While such violent action would usually be viewed as crime, the quarantine label justifies the extreme reaction.
This is a foolproof plan for Hiram to get the “kingdom” he so desires. That is why Hiram and Veronica Lodge’s (Camila Mendes) mid-”Outbreak” conversation is one of the most important scenes of the episode. Ronnie recognizes her dad’s mobster-drug lord machinations have gone too far. He’s using a Southside prison building project, which he secured by ill means, to expand his Fizzle Rock production empire. He’s manipulating a panic over the seizure epidemic to create a criminal base in Northside Riverdale. He brutally murdered the dirty sheriff (Henderson Wade) he placed into office.
Ronnie reminds Hiram that the citizens of Riverdale might be powerless to stop his accelerating evil deeds — remember, Lodge family matriarch Hermione (Marisol Nichols) is the mayor — but the world will see what’s going on. “Yeah, I’m not too concerned about that,” Hiram casually shoots back. Hiram wasn’t concerned about prying eyes because he knew the imminent quarantine would shroud Riverdale in permanent darkness.
“It’s practically biblical. Years in the making,” Hiram brags about then next part of his plot, proving this plan is much older than his “Brave New World” meeting of Riverdale’s greatest villains.
Those grandiose words prove the quarantine isn’t the culmination of Hiram’s king-making strategy. It is merely a means to the much larger end he, and the Gargoyle King (as confirmed with “Outbreak’s” final scene), hope to achieve. After all, Hiram tells his daughter a “new order” is on the way for Riverdale, and Penelope Blossom (Nathalie Bolt) promises the town’s leading criminals will soon have free reign.
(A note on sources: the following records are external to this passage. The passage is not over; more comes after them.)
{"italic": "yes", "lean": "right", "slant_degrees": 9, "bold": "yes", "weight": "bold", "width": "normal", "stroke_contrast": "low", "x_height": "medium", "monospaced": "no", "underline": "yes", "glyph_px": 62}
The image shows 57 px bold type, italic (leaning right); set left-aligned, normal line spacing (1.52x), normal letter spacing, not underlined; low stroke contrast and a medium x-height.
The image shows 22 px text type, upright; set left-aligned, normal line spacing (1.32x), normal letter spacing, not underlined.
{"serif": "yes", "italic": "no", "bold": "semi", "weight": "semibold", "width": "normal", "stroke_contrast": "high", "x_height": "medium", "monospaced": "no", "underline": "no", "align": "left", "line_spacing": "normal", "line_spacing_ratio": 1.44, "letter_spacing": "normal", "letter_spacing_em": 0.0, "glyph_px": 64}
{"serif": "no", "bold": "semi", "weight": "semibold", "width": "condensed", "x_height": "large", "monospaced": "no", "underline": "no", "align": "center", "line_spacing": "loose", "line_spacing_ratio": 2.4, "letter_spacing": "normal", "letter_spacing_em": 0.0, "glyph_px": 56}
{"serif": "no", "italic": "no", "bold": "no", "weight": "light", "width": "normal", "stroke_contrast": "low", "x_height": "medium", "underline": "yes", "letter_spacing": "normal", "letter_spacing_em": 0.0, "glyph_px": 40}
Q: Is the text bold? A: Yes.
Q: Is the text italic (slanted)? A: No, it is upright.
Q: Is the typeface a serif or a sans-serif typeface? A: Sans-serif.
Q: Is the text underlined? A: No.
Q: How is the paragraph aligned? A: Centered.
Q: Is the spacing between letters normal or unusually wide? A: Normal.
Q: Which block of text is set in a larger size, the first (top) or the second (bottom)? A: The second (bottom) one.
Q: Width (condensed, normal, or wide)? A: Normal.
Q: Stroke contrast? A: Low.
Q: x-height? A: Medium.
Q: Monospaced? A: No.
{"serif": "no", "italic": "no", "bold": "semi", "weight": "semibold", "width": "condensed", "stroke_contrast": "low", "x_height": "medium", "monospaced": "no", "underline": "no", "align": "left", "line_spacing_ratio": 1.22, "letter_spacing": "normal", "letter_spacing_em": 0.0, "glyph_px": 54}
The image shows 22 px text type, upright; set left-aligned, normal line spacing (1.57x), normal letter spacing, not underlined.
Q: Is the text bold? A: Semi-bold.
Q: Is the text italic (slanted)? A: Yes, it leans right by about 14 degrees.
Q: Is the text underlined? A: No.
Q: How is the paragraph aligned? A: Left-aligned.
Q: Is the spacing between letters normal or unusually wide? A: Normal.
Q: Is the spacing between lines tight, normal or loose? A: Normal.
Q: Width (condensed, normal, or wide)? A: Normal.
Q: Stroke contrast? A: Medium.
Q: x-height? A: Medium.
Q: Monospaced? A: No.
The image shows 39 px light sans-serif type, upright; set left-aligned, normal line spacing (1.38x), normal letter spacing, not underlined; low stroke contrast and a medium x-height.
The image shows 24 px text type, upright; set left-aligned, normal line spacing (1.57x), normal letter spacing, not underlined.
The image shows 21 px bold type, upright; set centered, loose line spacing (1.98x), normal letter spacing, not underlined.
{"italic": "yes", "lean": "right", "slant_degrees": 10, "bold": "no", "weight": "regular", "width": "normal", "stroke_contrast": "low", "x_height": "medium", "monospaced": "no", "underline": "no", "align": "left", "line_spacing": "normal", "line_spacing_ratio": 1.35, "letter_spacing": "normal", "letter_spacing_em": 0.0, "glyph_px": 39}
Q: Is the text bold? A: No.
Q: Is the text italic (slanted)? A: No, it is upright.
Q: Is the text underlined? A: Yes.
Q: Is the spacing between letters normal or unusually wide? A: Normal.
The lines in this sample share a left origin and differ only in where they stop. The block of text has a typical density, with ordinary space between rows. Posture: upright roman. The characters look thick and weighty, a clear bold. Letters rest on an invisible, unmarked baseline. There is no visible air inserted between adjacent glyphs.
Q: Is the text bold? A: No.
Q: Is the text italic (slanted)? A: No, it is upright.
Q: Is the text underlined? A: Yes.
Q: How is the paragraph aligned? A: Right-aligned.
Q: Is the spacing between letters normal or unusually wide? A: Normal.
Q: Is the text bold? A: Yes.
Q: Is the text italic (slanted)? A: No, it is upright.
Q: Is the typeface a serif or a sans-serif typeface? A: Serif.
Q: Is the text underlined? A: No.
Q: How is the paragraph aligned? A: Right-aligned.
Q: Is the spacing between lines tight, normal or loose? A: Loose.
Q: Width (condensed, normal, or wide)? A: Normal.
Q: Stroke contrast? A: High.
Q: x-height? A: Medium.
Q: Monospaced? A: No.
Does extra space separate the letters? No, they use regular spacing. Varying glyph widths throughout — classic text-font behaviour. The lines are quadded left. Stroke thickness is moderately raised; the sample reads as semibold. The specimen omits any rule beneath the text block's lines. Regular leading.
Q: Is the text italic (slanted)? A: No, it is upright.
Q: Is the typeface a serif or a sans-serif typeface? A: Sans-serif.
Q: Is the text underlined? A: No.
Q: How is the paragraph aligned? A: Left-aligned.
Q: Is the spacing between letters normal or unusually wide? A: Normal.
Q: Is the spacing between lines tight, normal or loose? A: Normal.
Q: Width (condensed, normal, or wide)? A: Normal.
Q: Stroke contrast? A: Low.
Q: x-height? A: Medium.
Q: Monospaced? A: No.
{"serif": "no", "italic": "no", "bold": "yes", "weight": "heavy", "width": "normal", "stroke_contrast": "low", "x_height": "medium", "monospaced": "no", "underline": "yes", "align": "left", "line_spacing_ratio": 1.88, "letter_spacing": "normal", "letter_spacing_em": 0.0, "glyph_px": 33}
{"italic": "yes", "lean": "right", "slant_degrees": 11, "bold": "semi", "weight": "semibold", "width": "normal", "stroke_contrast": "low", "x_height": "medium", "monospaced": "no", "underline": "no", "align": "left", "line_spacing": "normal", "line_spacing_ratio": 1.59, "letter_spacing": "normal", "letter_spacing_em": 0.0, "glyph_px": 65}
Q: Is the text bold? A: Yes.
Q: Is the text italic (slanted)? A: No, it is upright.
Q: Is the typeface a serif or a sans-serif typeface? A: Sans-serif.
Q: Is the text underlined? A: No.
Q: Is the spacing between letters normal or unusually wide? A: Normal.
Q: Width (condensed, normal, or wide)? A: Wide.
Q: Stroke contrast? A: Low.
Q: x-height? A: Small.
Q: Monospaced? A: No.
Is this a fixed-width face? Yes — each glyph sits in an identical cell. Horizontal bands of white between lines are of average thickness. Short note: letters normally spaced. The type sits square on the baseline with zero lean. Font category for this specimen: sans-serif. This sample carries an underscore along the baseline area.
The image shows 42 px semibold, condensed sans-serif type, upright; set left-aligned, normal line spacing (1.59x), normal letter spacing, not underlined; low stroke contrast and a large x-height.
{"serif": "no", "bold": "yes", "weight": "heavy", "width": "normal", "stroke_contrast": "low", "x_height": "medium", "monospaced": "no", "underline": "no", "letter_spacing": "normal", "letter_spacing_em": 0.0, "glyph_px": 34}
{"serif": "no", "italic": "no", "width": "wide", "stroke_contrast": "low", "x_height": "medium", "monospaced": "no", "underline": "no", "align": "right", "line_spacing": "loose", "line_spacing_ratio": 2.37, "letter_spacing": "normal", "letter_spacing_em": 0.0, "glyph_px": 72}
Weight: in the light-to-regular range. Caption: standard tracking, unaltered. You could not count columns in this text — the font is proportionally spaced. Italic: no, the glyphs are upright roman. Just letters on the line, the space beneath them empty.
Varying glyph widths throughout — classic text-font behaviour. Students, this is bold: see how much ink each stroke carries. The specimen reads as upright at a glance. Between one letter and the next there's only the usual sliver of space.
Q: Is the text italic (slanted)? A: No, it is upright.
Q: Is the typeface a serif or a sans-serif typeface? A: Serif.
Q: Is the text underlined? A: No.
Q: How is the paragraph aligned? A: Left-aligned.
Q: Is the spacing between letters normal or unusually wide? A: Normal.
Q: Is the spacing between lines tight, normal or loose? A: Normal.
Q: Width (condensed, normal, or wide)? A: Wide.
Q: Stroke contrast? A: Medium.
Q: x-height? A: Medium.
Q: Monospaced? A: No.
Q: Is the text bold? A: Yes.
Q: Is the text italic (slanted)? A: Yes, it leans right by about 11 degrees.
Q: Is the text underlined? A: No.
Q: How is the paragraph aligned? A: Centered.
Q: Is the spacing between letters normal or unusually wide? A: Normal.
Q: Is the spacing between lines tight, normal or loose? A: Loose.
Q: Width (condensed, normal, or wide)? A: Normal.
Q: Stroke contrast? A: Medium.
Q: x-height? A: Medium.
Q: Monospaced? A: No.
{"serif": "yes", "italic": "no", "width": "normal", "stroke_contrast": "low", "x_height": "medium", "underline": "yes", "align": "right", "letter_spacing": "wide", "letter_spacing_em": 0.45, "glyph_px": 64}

Over season 3, Riverdale has dropped a few more hints as to what that “order” entails. We shouldn’t expect Riverdale to turn into a barren wasteland like the one we glimpsed in last week’s “Man In Black.” Hiram only ruined that town, Athens, to make his work in Riverdale possible. The men of Athens, as Laurie Lake (Riley Keough) complains, were taken to work in the Fizzle Rocks factory-slash-prison building scam in Riverdale. Because of the men’s labor, Hiram now has enough Fizzle Rocks to easily control Riverdale.
It’s likely Hiram was testing the drugs on the vulnerable girls at Sisters Of Quiet Mercy to learn how the “candy” influences subjects at different levels. How much makes a user docile and easy to control? How much induces hallucinations? How much can actually kill someone? This is all important data if you’re hoping to drug an entire town and then lord over it like a mob king, which is exactly what Hiram wants.
This goal also explains why both Gryphons & Gargoyles, a game that drives its users mad, and Fizzle Rocks, an addictive drug peddled for free by Hiram Lodge, was introduced to Riverdale. A massive swath of the population is now very easy to control, just in time for the quarantine.
The only question that remains is how Hiram orchestrated the seizures that “necessitated” the quarantine in the first place. The leading answer is Pop’s, as the diner is the only common thread between everyone who experienced a seizure (Betty, Veronica, the entire River Vixens squad save for Cheryl Blossom, Josie McCoy, and Ethel Muggs). No, Gryphons & Gargoyles doesn’t count since Betty and Veronica both experienced a seizure without ever playing the game.
But if Riverdale didn’t leave one suspicious hanging thread, it wouldn’t really be Riverdale, would it? Hopefully the 2019 season 3 premiere, “No Exit,” will have an answer.